● **THE TASK**
Nothing but the records themselves, exactly as written, should appear in the reply; leave out the pictures.

● **SUPPLIED MATERIAL**
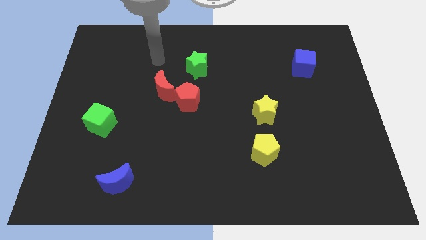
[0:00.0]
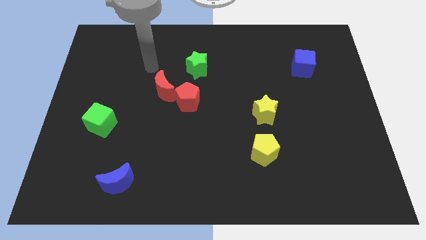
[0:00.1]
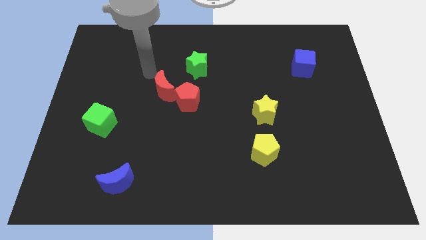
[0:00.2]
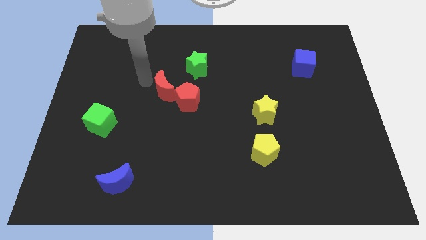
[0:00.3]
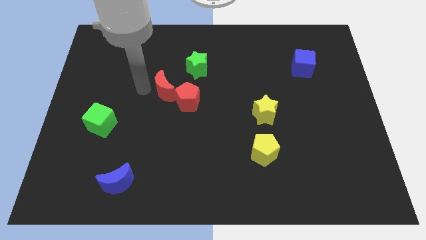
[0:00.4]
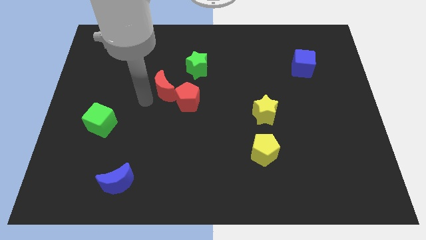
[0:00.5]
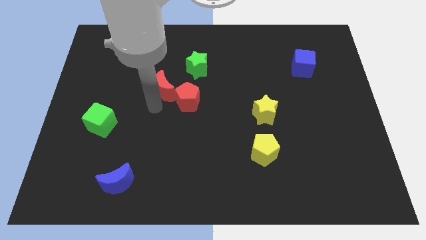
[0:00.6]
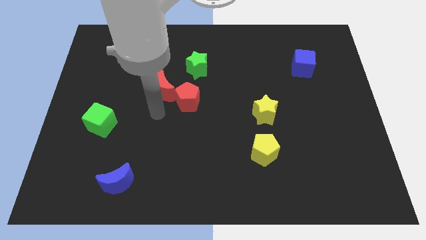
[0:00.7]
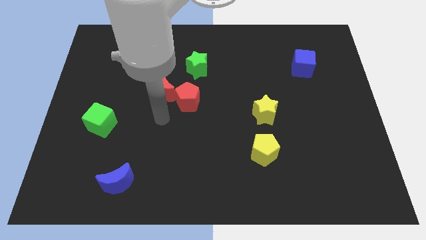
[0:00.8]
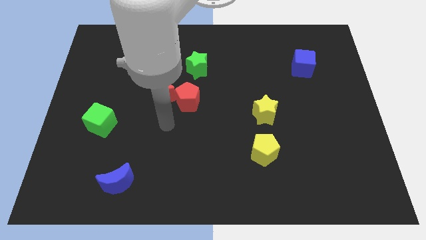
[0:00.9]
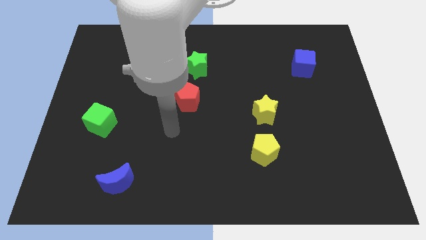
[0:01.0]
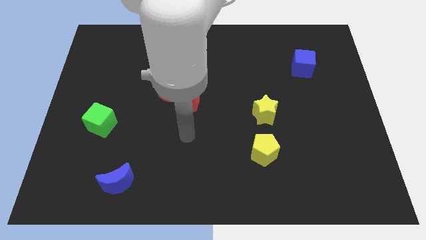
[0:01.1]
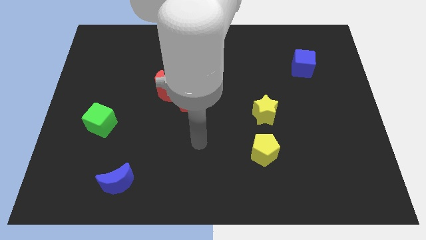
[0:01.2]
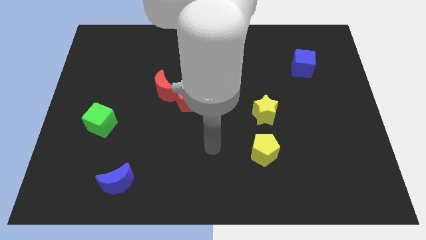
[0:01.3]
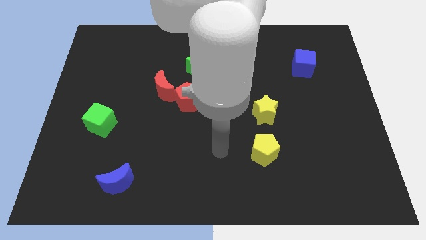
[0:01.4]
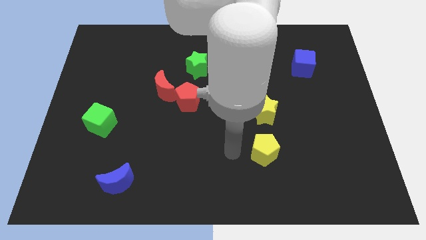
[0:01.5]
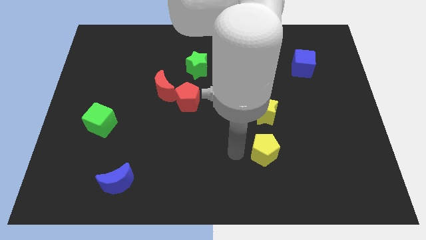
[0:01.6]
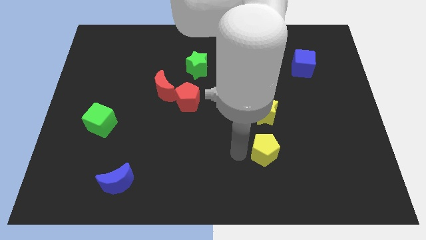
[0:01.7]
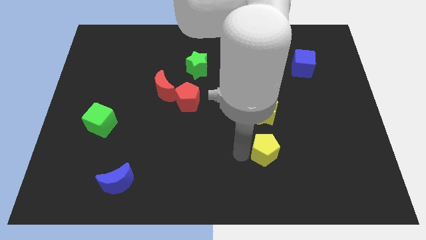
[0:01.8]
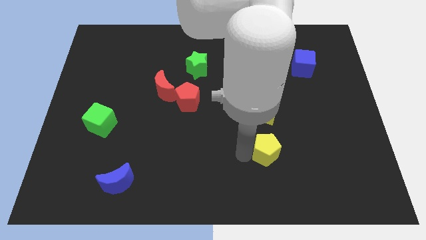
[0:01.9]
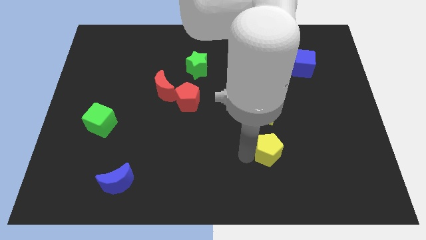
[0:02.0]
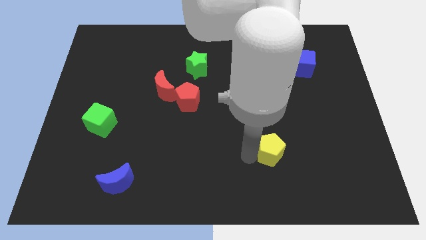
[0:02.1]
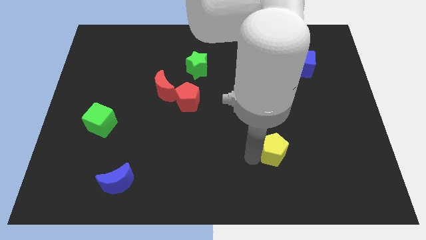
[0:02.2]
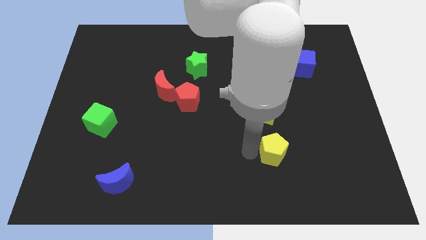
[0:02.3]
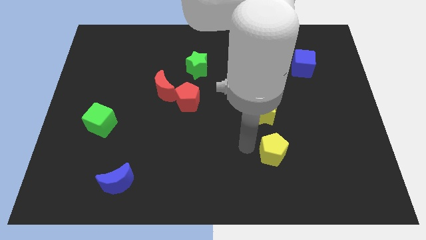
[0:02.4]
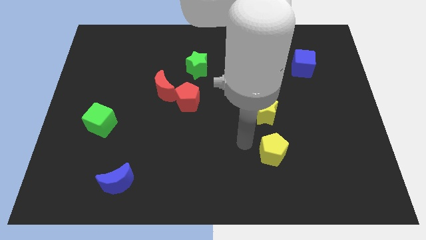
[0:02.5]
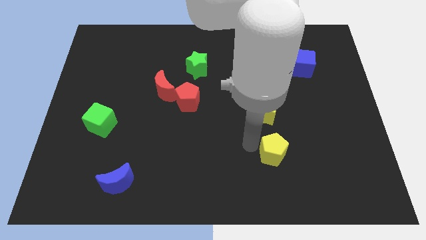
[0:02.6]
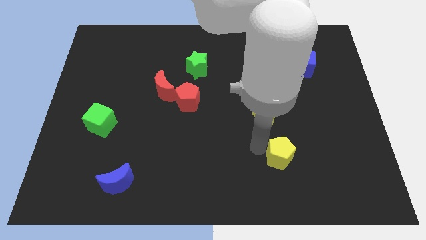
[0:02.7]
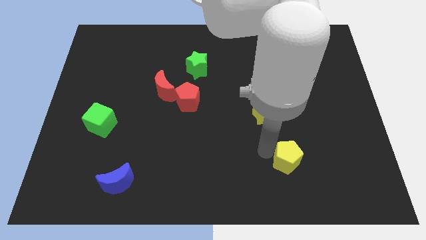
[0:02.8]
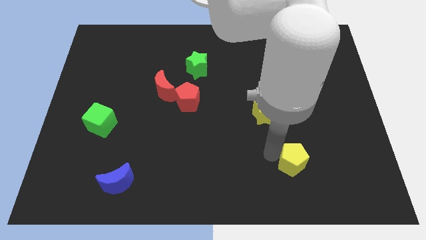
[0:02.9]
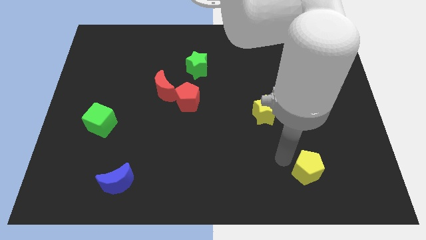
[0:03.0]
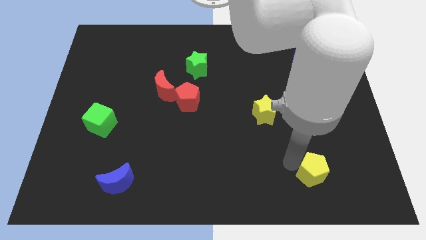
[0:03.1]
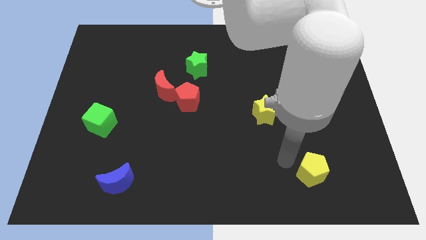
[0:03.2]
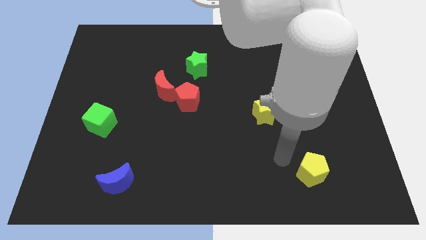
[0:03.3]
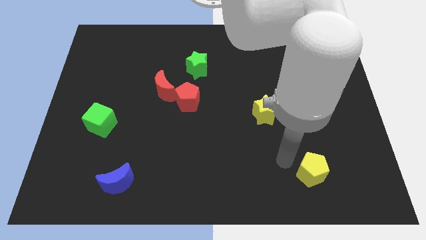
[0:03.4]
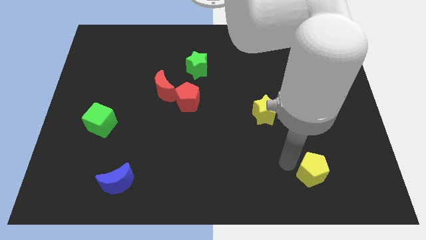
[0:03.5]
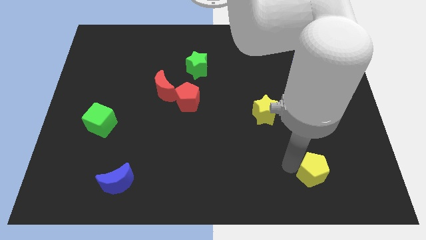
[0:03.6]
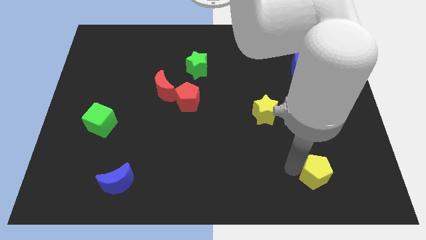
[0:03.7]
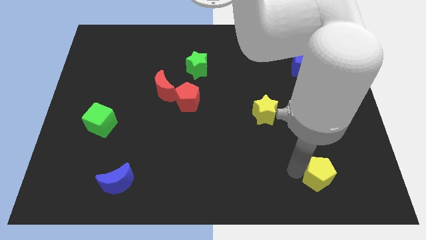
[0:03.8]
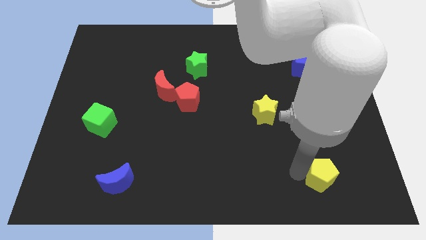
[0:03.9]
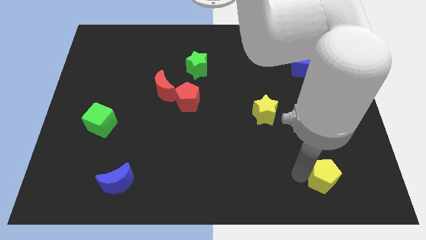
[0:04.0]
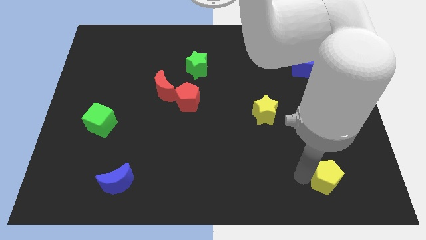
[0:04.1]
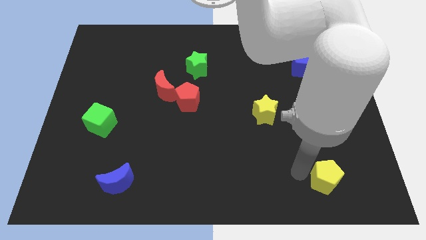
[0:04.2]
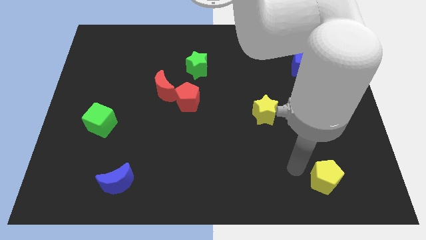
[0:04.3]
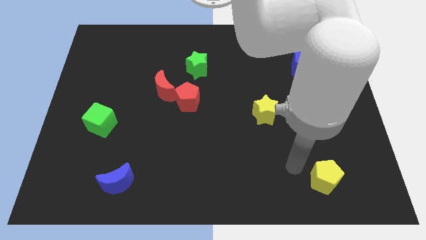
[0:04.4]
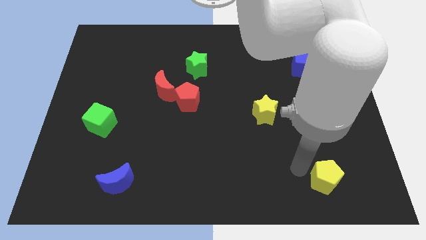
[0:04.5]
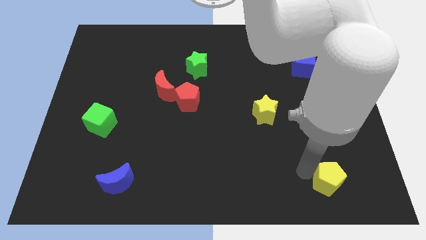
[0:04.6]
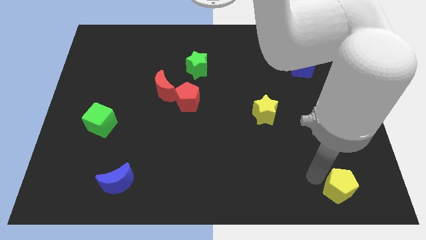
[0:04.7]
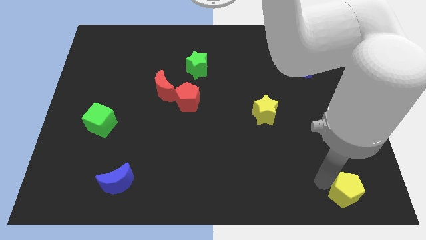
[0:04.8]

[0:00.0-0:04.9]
push the yellow pentagon to the bottom right

● **YOUR RESPONSE**
[0:00.0]
[0:00.1]
[0:00.2]
[0:00.3]
[0:00.4]
[0:00.5]
[0:00.6]
[0:00.7]
[0:00.8]
[0:00.9]
[0:01.0]
[0:01.1]
[0:01.2]
[0:01.3]
[0:01.4]
[0:01.5]
[0:01.6]
[0:01.7]
[0:01.8]
[0:01.9]
[0:02.0]
[0:02.1]
[0:02.2]
[0:02.3]
[0:02.4]
[0:02.5]
[0:02.6]
[0:02.7]
[0:02.8]
[0:02.9]
[0:03.0]
[0:03.1]
[0:03.2]
[0:03.3]
[0:03.4]
[0:03.5]
[0:03.6]
[0:03.7]
[0:03.8]
[0:03.9]
[0:04.0]
[0:04.1]
[0:04.2]
[0:04.3]
[0:04.4]
[0:04.5]
[0:04.6]
[0:04.7]
[0:04.8]

[0:00.0-0:04.9]
push the yellow pentagon to the bottom right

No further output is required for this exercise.